*** Opening Extracted material ***
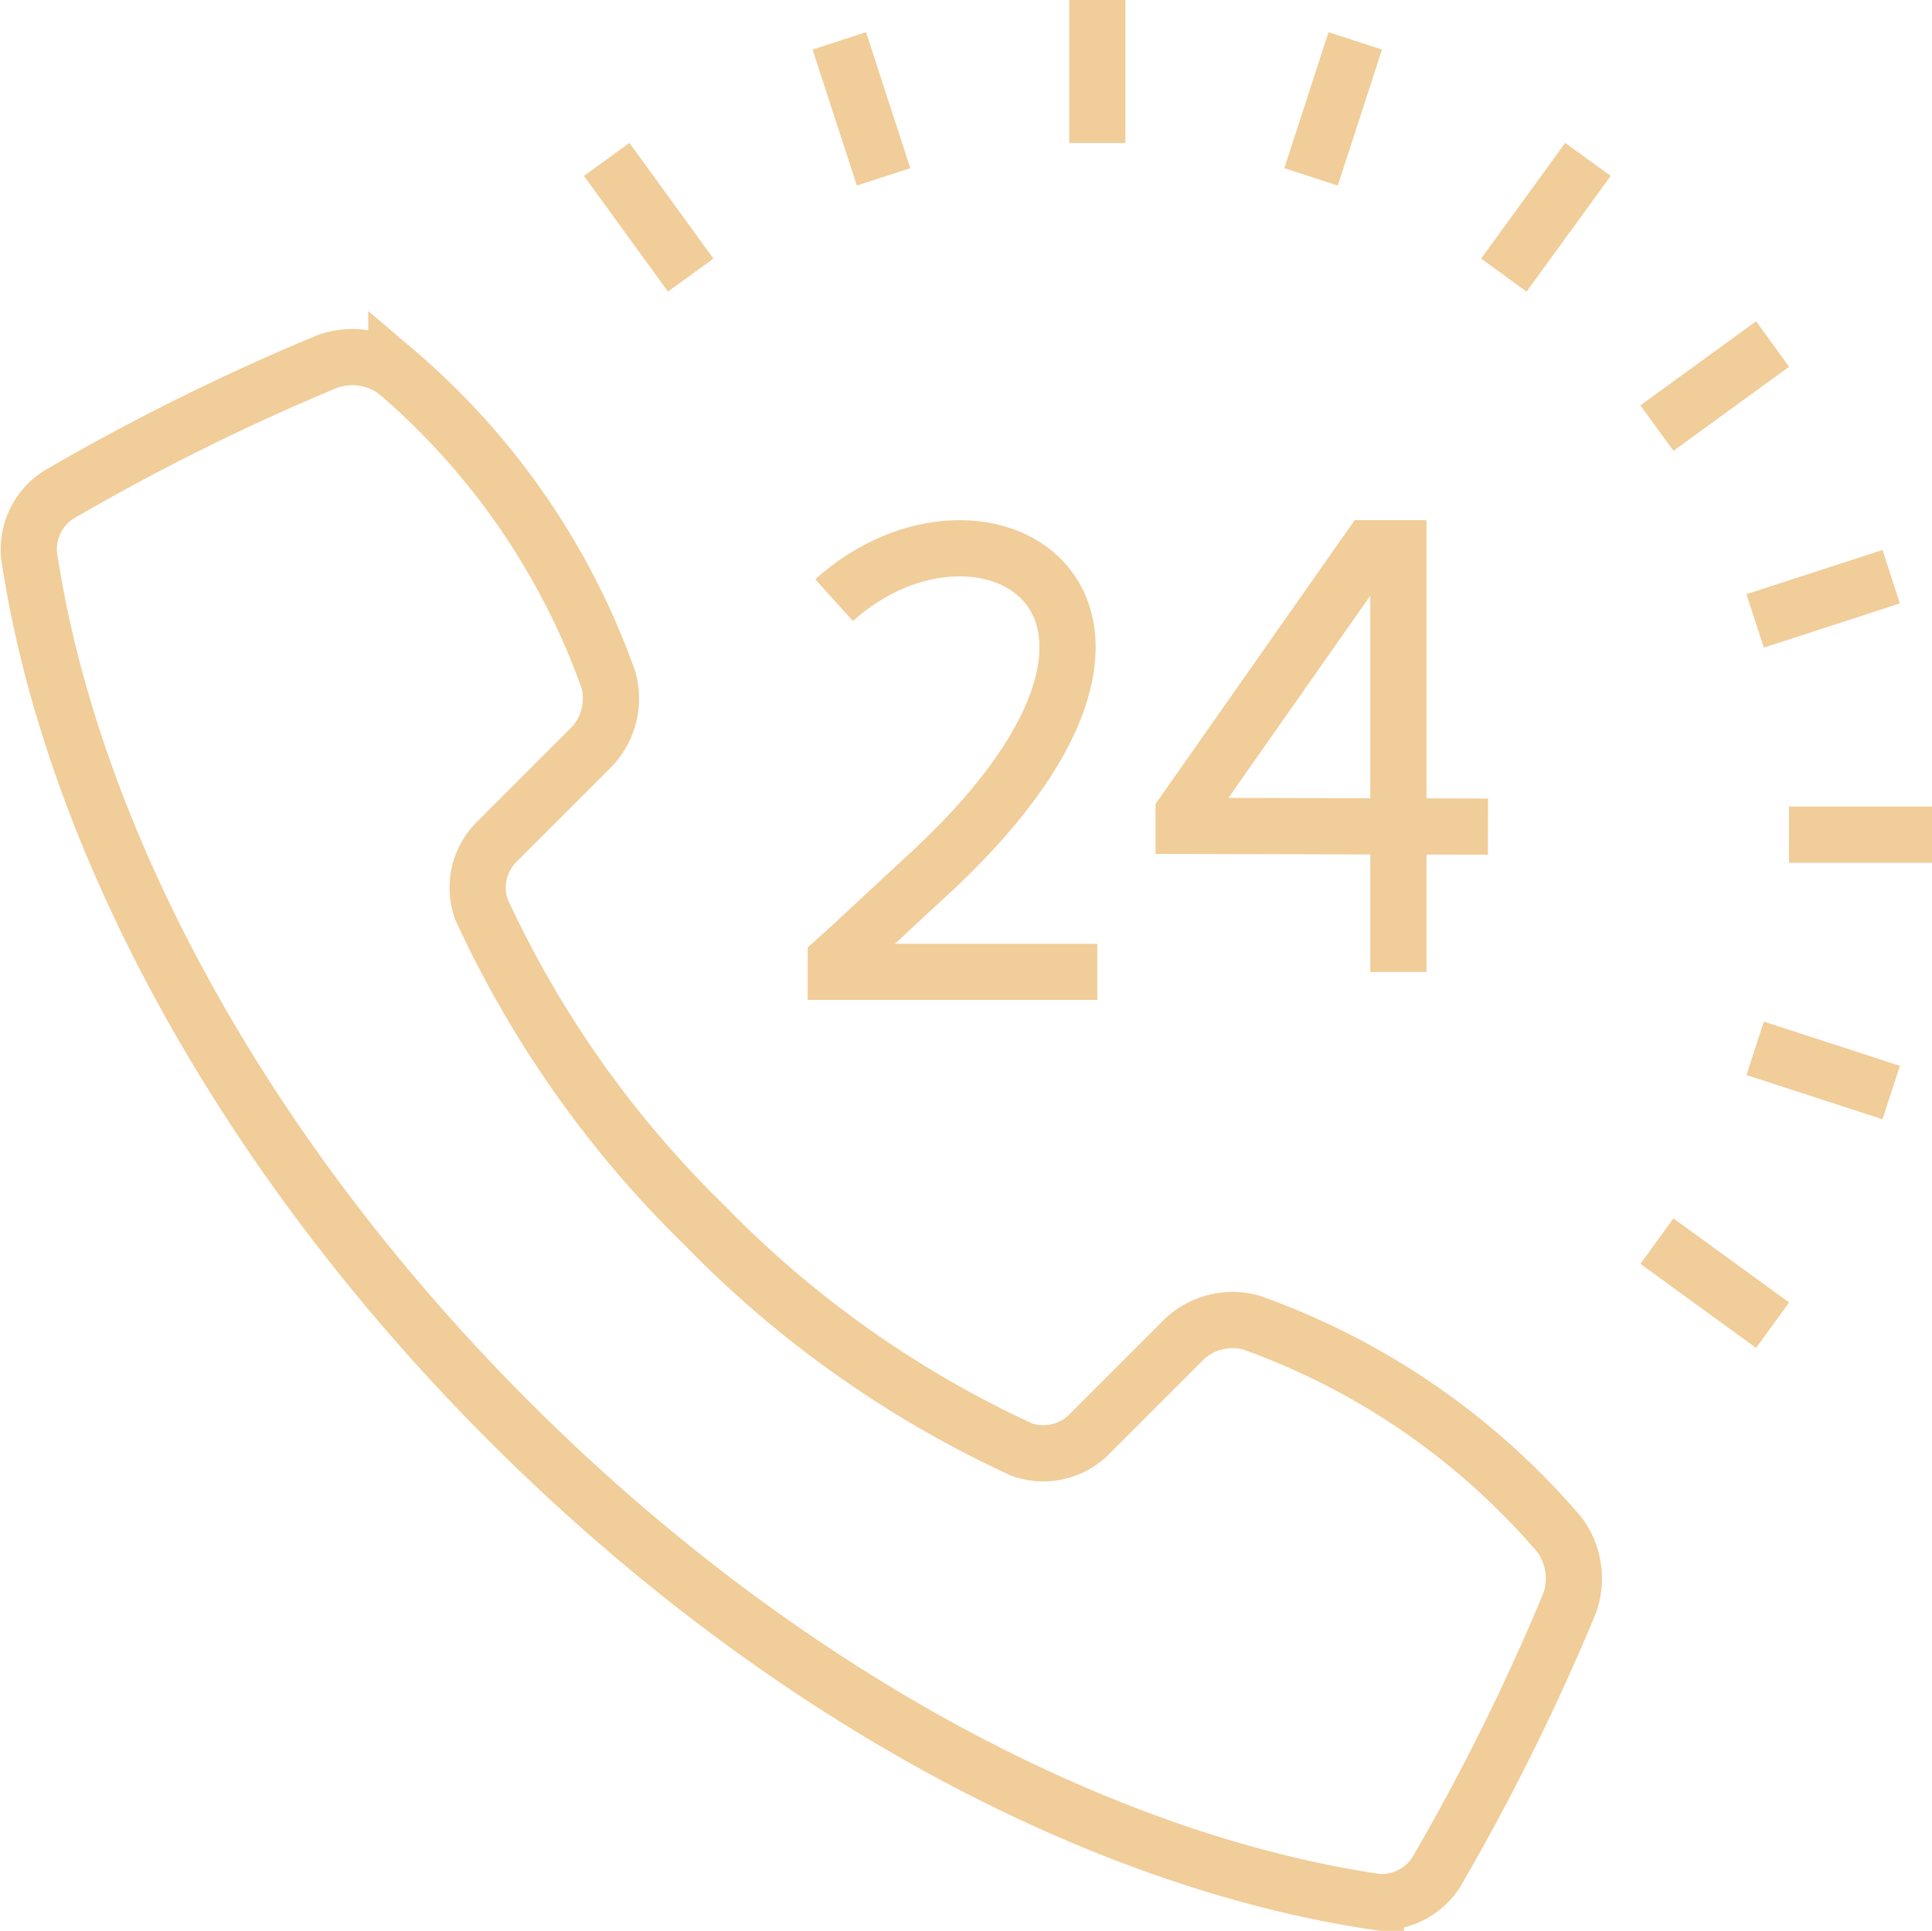 <svg xmlns="http://www.w3.org/2000/svg" width="51.563" height="51.539" viewBox="0 0 51.563 51.539">
  <g id="Group_5498" data-name="Group 5498" transform="translate(0.762)">
    <path id="Path_905" data-name="Path 905" d="M12.98,96.856a60.136,60.136,0,0,0-7.18,3.562,1.733,1.733,0,0,0-.787,1.61c1.1,7.393,5.568,15.874,12.819,23.125s15.734,11.716,23.125,12.82a1.732,1.732,0,0,0,1.611-.787A60.141,60.141,0,0,0,46.13,130a1.961,1.961,0,0,0-.274-1.828q-.483-.566-1.018-1.1a19.329,19.329,0,0,0-7.2-4.558,1.88,1.88,0,0,0-1.778.427l-2.6,2.6a1.727,1.727,0,0,1-1.753.361,28.273,28.273,0,0,1-8.449-5.971,28.307,28.307,0,0,1-5.972-8.449,1.729,1.729,0,0,1,.362-1.754l2.6-2.6a1.886,1.886,0,0,0,.427-1.778,19.326,19.326,0,0,0-4.56-7.2q-.534-.535-1.1-1.016A1.96,1.96,0,0,0,12.98,96.856Z" transform="translate(-5 -87.21)" fill="rgba(0,0,0,0)" stroke="#f1cd99" stroke-width="1.5"/>
    <path id="Path_906" data-name="Path 906" d="M307.5,157.159V145.851h-.776l-4.954,7.06v.351l8.121.019" transform="translate(-270.941 -131.217)" fill="rgba(0,0,0,0)" stroke="#f1cd99" stroke-width="1.5"/>
    <path id="Path_907" data-name="Path 907" d="M211.934,147.261c3.991-3.6,10.438.14,2.355,7.47-.364.329-1.786,1.67-2.311,2.137v.314h6.98" transform="translate(-190.435 -131.241)" fill="rgba(0,0,0,0)" stroke="#f1cd99" stroke-width="1.5"/>
    <path id="Path_917" data-name="Path 917" d="M0,0V3.817" transform="translate(28.524)" fill="rgba(0,0,0,0)" stroke="#f1cd99" stroke-width="1.5"/>
    <path id="Path_916" data-name="Path 916" d="M0,0,1.18,3.63" transform="translate(21.639 1.091)" fill="rgba(0,0,0,0)" stroke="#f1cd99" stroke-width="1.5"/>
    <path id="Path_915" data-name="Path 915" d="M0,0,2.242,3.088" transform="translate(15.43 4.255)" fill="rgba(0,0,0,0)" stroke="#f1cd99" stroke-width="1.5"/>
    <path id="Path_914" data-name="Path 914" d="M0,0,3.088,2.244" transform="translate(43.459 33.128)" fill="rgba(0,0,0,0)" stroke="#f1cd99" stroke-width="1.5"/>
    <path id="Path_913" data-name="Path 913" d="M0,0,3.631,1.18" transform="translate(46.081 27.982)" fill="rgba(0,0,0,0)" stroke="#f1cd99" stroke-width="1.5"/>
    <path id="Path_912" data-name="Path 912" d="M0,0H3.817" transform="translate(46.984 22.278)" fill="rgba(0,0,0,0)" stroke="#f1cd99" stroke-width="1.5"/>
    <path id="Path_911" data-name="Path 911" d="M0,1.18,3.631,0" transform="translate(46.081 15.393)" fill="rgba(0,0,0,0)" stroke="#f1cd99" stroke-width="1.5"/>
    <path id="Path_910" data-name="Path 910" d="M0,2.244,3.088,0" transform="translate(43.459 9.183)" fill="rgba(0,0,0,0)" stroke="#f1cd99" stroke-width="1.5"/>
    <path id="Path_909" data-name="Path 909" d="M0,3.088,2.245,0" transform="translate(39.374 4.255)" fill="rgba(0,0,0,0)" stroke="#f1cd99" stroke-width="1.5"/>
    <path id="Path_908" data-name="Path 908" d="M0,3.63,1.179,0" transform="translate(34.229 1.091)" fill="rgba(0,0,0,0)" stroke="#f1cd99" stroke-width="1.5"/>
  </g>
</svg>
*** Closing Extracted material ***
## Task to carry out
Transcribe the entries word for word, without their pictures.

## Answer to the problem
 <svg xmlns="http://www.w3.org/2000/svg" width="51.563" height="51.539" viewBox="0 0 51.563 51.539">
  <g id="Group_5498" data-name="Group 5498" transform="translate(0.762)">
    <path id="Path_905" data-name="Path 905" d="M12.98,96.856a60.136,60.136,0,0,0-7.18,3.562,1.733,1.733,0,0,0-.787,1.61c1.1,7.393,5.568,15.874,12.819,23.125s15.734,11.716,23.125,12.82a1.732,1.732,0,0,0,1.611-.787A60.141,60.141,0,0,0,46.13,130a1.961,1.961,0,0,0-.274-1.828q-.483-.566-1.018-1.1a19.329,19.329,0,0,0-7.2-4.558,1.88,1.88,0,0,0-1.778.427l-2.6,2.6a1.727,1.727,0,0,1-1.753.361,28.273,28.273,0,0,1-8.449-5.971,28.307,28.307,0,0,1-5.972-8.449,1.729,1.729,0,0,1,.362-1.754l2.6-2.6a1.886,1.886,0,0,0,.427-1.778,19.326,19.326,0,0,0-4.56-7.2q-.534-.535-1.1-1.016A1.96,1.96,0,0,0,12.98,96.856Z" transform="translate(-5 -87.21)" fill="rgba(0,0,0,0)" stroke="#f1cd99" stroke-width="1.5"/>
    <path id="Path_906" data-name="Path 906" d="M307.5,157.159V145.851h-.776l-4.954,7.06v.351l8.121.019" transform="translate(-270.941 -131.217)" fill="rgba(0,0,0,0)" stroke="#f1cd99" stroke-width="1.5"/>
    <path id="Path_907" data-name="Path 907" d="M211.934,147.261c3.991-3.6,10.438.14,2.355,7.47-.364.329-1.786,1.67-2.311,2.137v.314h6.98" transform="translate(-190.435 -131.241)" fill="rgba(0,0,0,0)" stroke="#f1cd99" stroke-width="1.5"/>
    <path id="Path_917" data-name="Path 917" d="M0,0V3.817" transform="translate(28.524)" fill="rgba(0,0,0,0)" stroke="#f1cd99" stroke-width="1.5"/>
    <path id="Path_916" data-name="Path 916" d="M0,0,1.18,3.63" transform="translate(21.639 1.091)" fill="rgba(0,0,0,0)" stroke="#f1cd99" stroke-width="1.5"/>
    <path id="Path_915" data-name="Path 915" d="M0,0,2.242,3.088" transform="translate(15.43 4.255)" fill="rgba(0,0,0,0)" stroke="#f1cd99" stroke-width="1.5"/>
    <path id="Path_914" data-name="Path 914" d="M0,0,3.088,2.244" transform="translate(43.459 33.128)" fill="rgba(0,0,0,0)" stroke="#f1cd99" stroke-width="1.5"/>
    <path id="Path_913" data-name="Path 913" d="M0,0,3.631,1.18" transform="translate(46.081 27.982)" fill="rgba(0,0,0,0)" stroke="#f1cd99" stroke-width="1.5"/>
    <path id="Path_912" data-name="Path 912" d="M0,0H3.817" transform="translate(46.984 22.278)" fill="rgba(0,0,0,0)" stroke="#f1cd99" stroke-width="1.5"/>
    <path id="Path_911" data-name="Path 911" d="M0,1.18,3.631,0" transform="translate(46.081 15.393)" fill="rgba(0,0,0,0)" stroke="#f1cd99" stroke-width="1.5"/>
    <path id="Path_910" data-name="Path 910" d="M0,2.244,3.088,0" transform="translate(43.459 9.183)" fill="rgba(0,0,0,0)" stroke="#f1cd99" stroke-width="1.5"/>
    <path id="Path_909" data-name="Path 909" d="M0,3.088,2.245,0" transform="translate(39.374 4.255)" fill="rgba(0,0,0,0)" stroke="#f1cd99" stroke-width="1.5"/>
    <path id="Path_908" data-name="Path 908" d="M0,3.63,1.179,0" transform="translate(34.229 1.091)" fill="rgba(0,0,0,0)" stroke="#f1cd99" stroke-width="1.5"/>
  </g>
</svg>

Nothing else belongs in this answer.